WORK REQUEST
Only the text carries over: repeat the records exactly and drop the images.

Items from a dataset

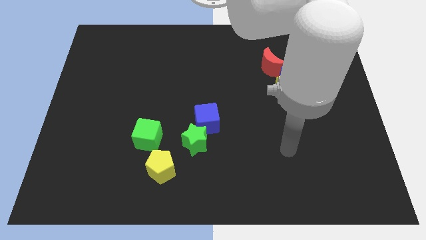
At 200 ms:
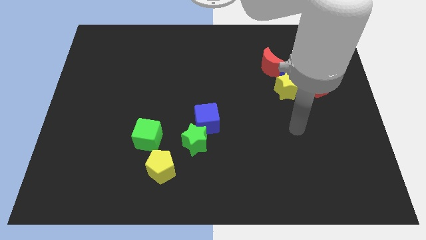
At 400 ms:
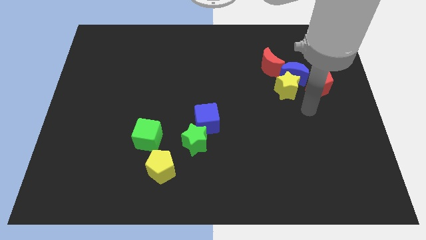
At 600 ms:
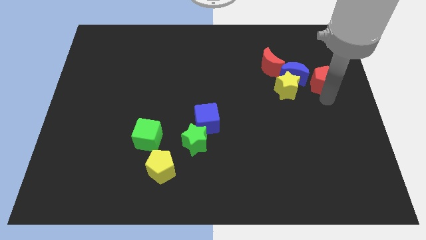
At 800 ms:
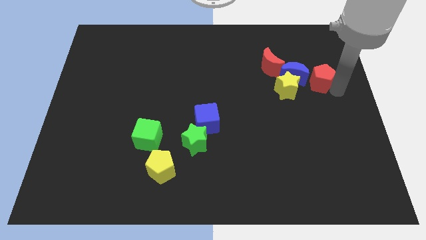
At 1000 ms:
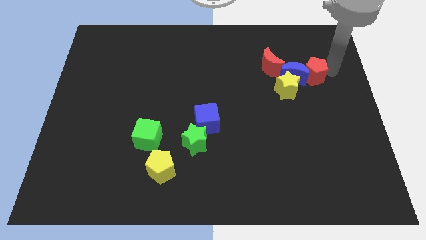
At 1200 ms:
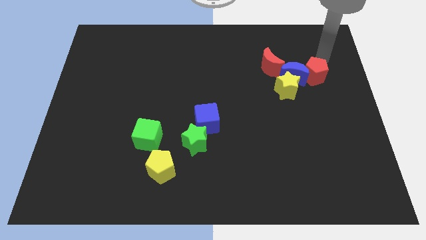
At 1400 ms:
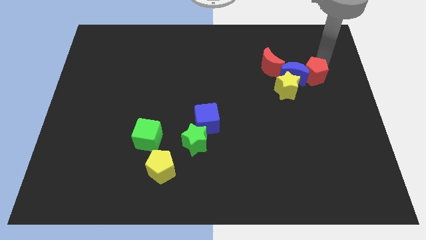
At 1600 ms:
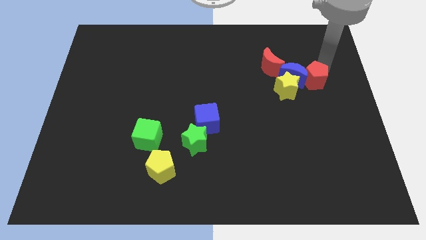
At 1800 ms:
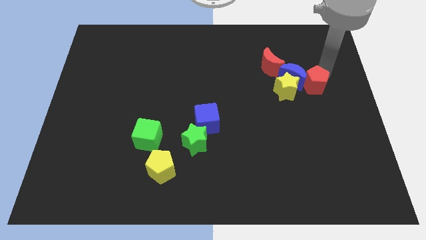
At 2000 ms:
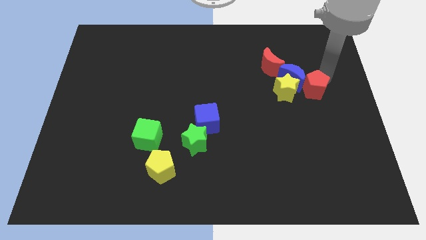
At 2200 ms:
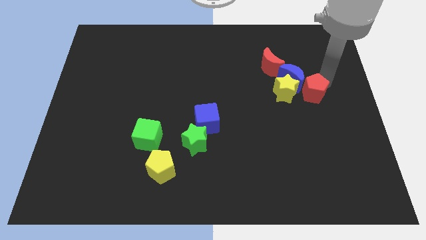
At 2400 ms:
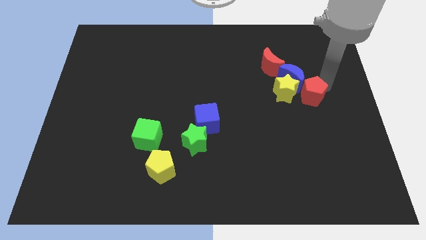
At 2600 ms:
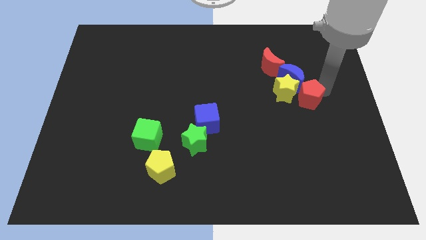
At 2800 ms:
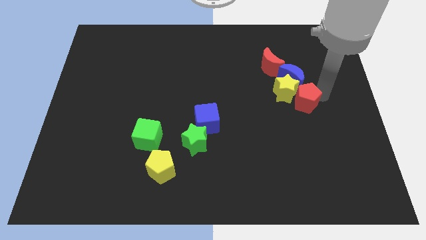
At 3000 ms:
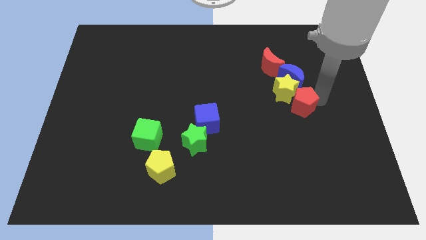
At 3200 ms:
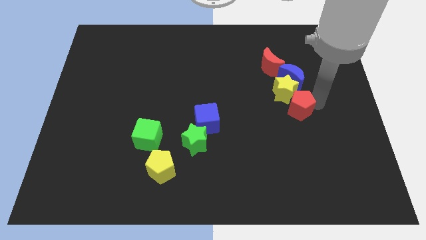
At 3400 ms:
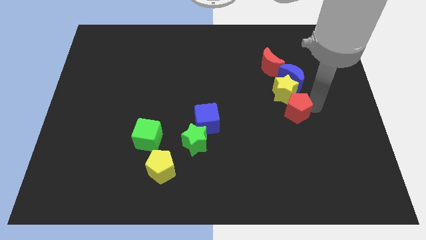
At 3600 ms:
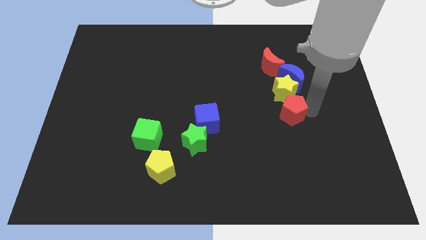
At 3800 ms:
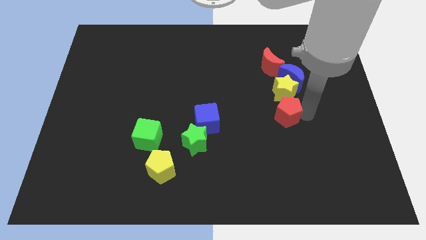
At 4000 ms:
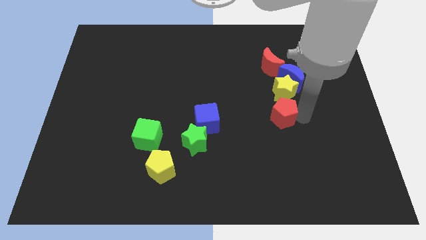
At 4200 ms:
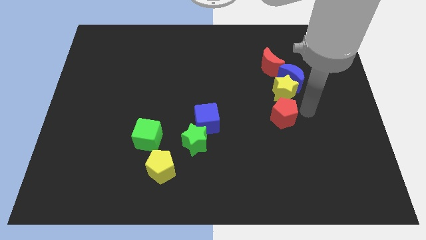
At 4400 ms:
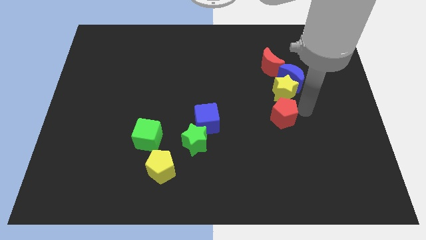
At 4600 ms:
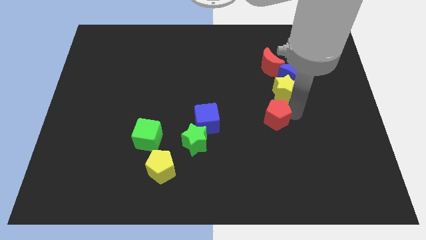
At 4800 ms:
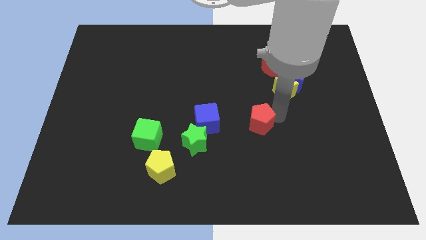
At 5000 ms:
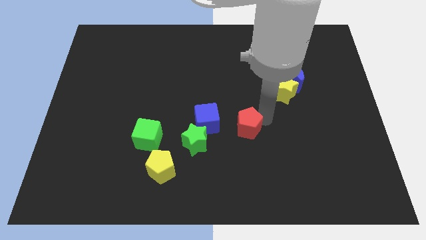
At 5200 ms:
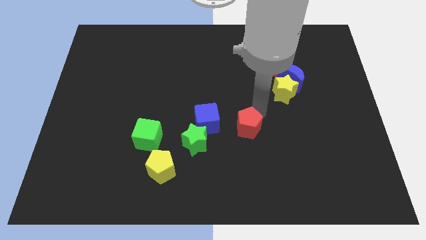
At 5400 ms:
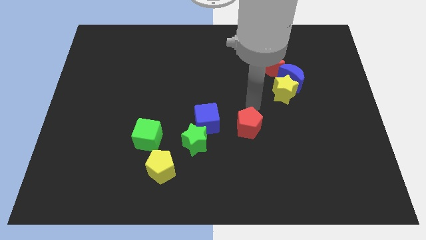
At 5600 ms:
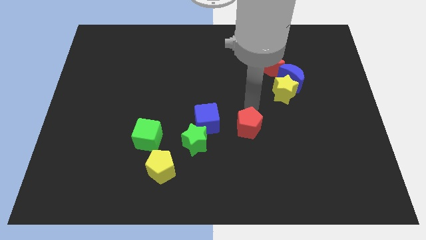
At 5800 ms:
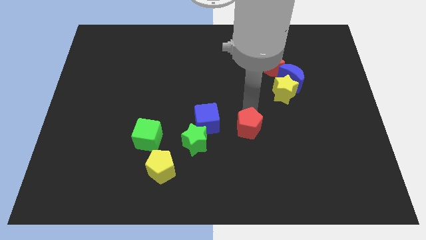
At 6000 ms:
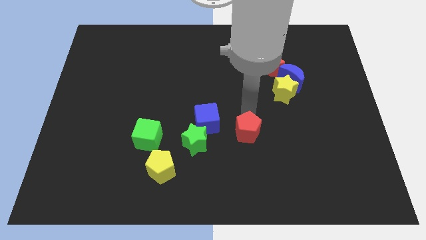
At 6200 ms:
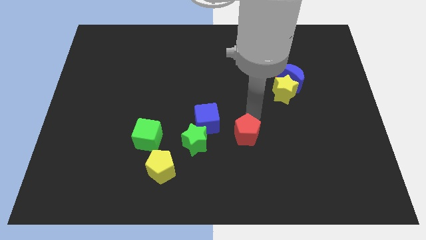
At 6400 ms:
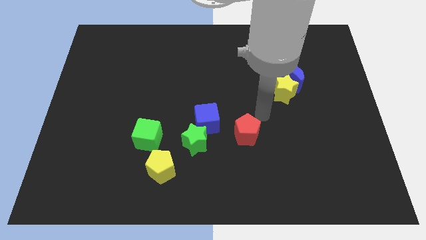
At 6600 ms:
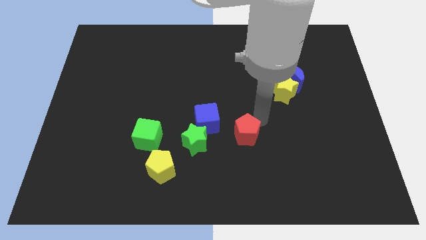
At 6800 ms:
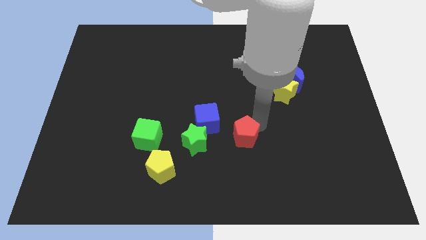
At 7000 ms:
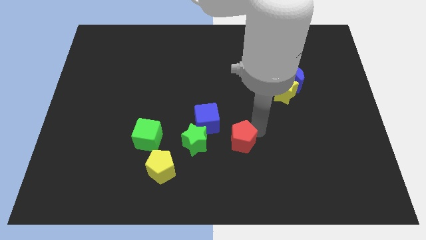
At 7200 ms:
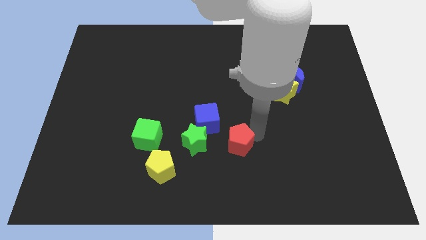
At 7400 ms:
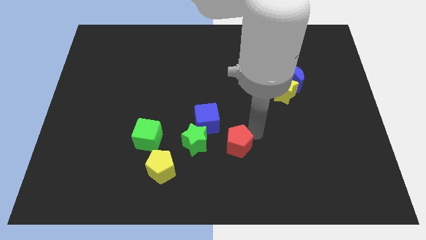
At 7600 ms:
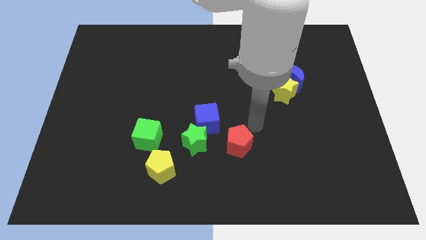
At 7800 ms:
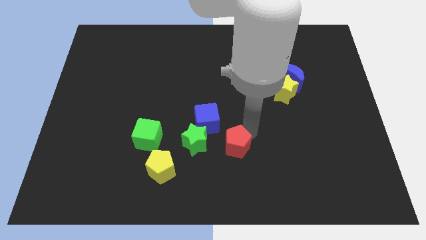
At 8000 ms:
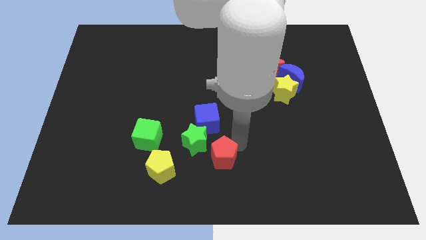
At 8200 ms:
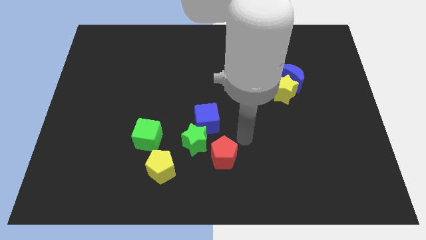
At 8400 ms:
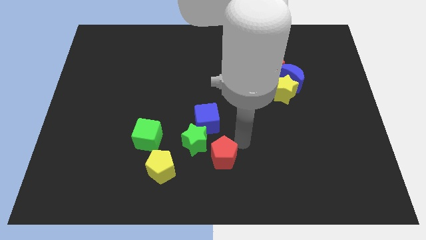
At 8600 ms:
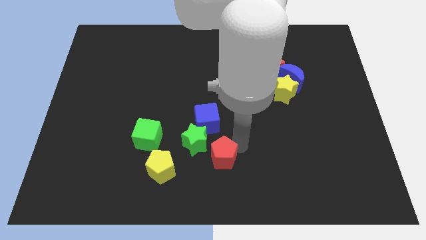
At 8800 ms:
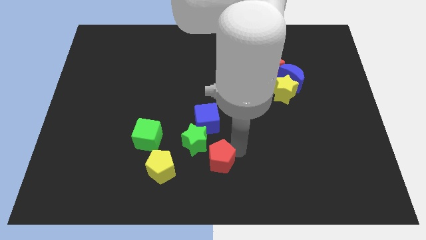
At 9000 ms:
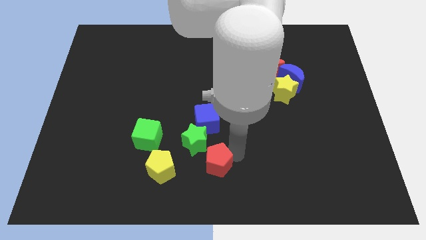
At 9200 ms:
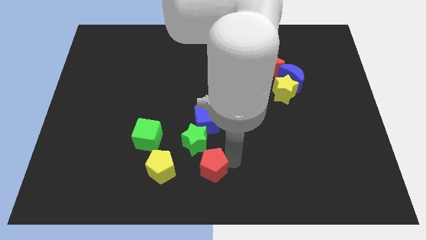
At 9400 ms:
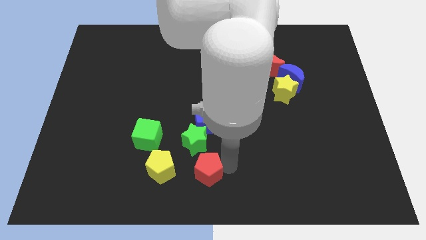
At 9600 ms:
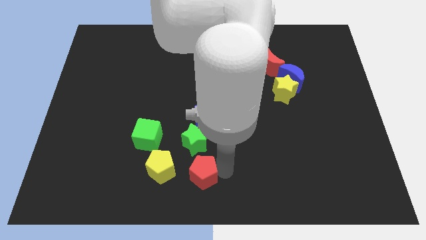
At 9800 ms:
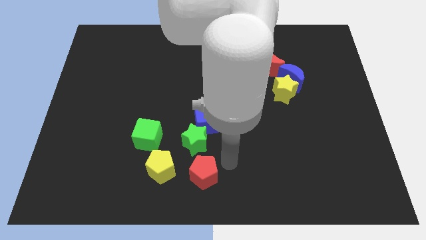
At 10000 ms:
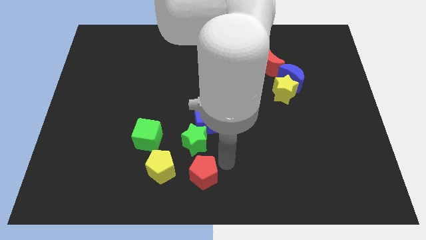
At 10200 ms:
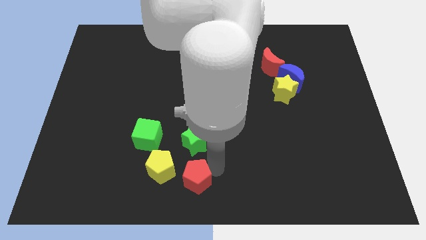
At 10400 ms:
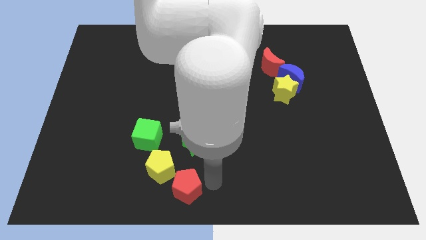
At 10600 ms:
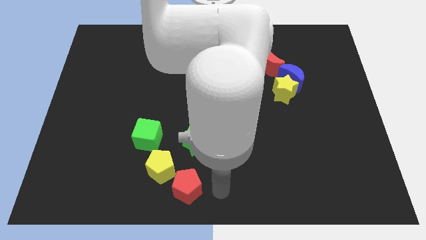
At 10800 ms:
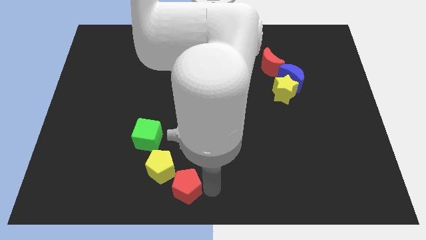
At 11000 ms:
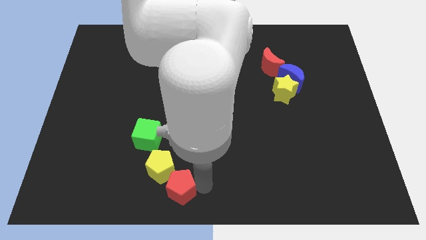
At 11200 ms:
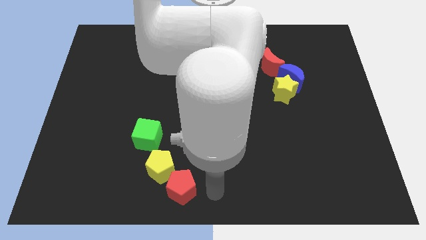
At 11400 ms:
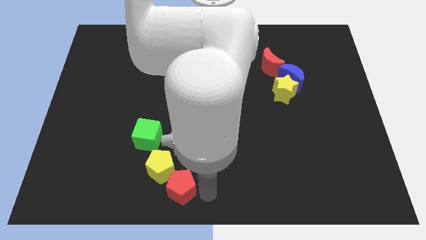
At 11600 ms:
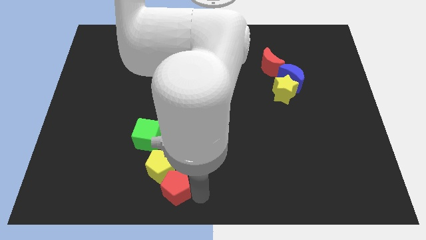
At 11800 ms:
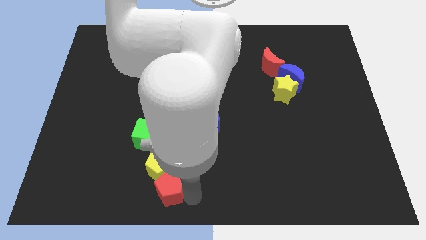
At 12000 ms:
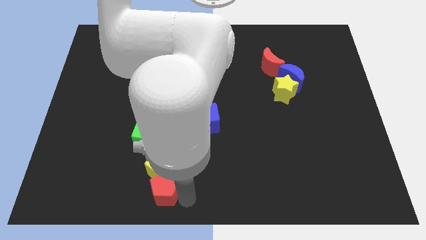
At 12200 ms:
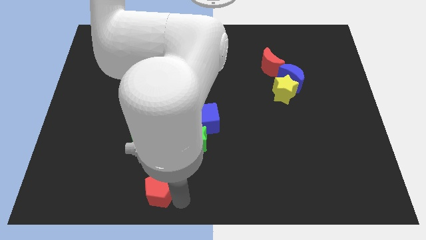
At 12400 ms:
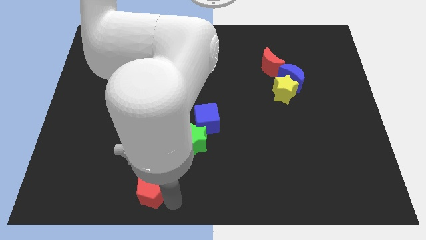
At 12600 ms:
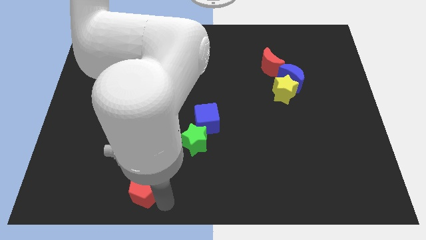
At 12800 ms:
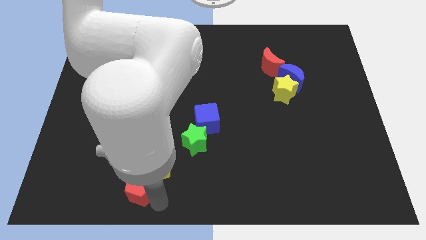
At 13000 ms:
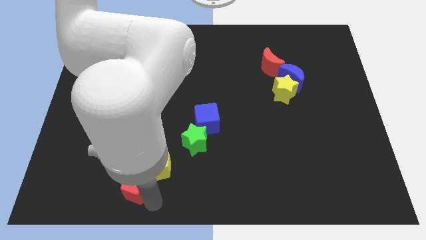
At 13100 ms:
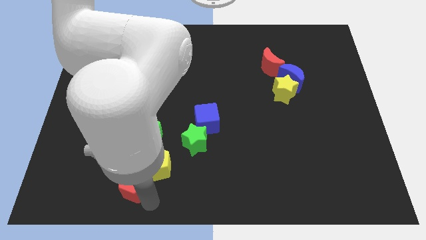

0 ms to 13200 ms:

ANSWER
At 200 ms:
At 400 ms:
At 600 ms:
At 800 ms:
At 1000 ms:
At 1200 ms:
At 1400 ms:
At 1600 ms:
At 1800 ms:
At 2000 ms:
At 2200 ms:
At 2400 ms:
At 2600 ms:
At 2800 ms:
At 3000 ms:
At 3200 ms:
At 3400 ms:
At 3600 ms:
At 3800 ms:
At 4000 ms:
At 4200 ms:
At 4400 ms:
At 4600 ms:
At 4800 ms:
At 5000 ms:
At 5200 ms:
At 5400 ms:
At 5600 ms:
At 5800 ms:
At 6000 ms:
At 6200 ms:
At 6400 ms:
At 6600 ms:
At 6800 ms:
At 7000 ms:
At 7200 ms:
At 7400 ms:
At 7600 ms:
At 7800 ms:
At 8000 ms:
At 8200 ms:
At 8400 ms:
At 8600 ms:
At 8800 ms:
At 9000 ms:
At 9200 ms:
At 9400 ms:
At 9600 ms:
At 9800 ms:
At 10000 ms:
At 10200 ms:
At 10400 ms:
At 10600 ms:
At 10800 ms:
At 11000 ms:
At 11200 ms:
At 11400 ms:
At 11600 ms:
At 11800 ms:
At 12000 ms:
At 12200 ms:
At 12400 ms:
At 12600 ms:
At 12800 ms:
At 13000 ms:
At 13100 ms:

0 ms to 13200 ms:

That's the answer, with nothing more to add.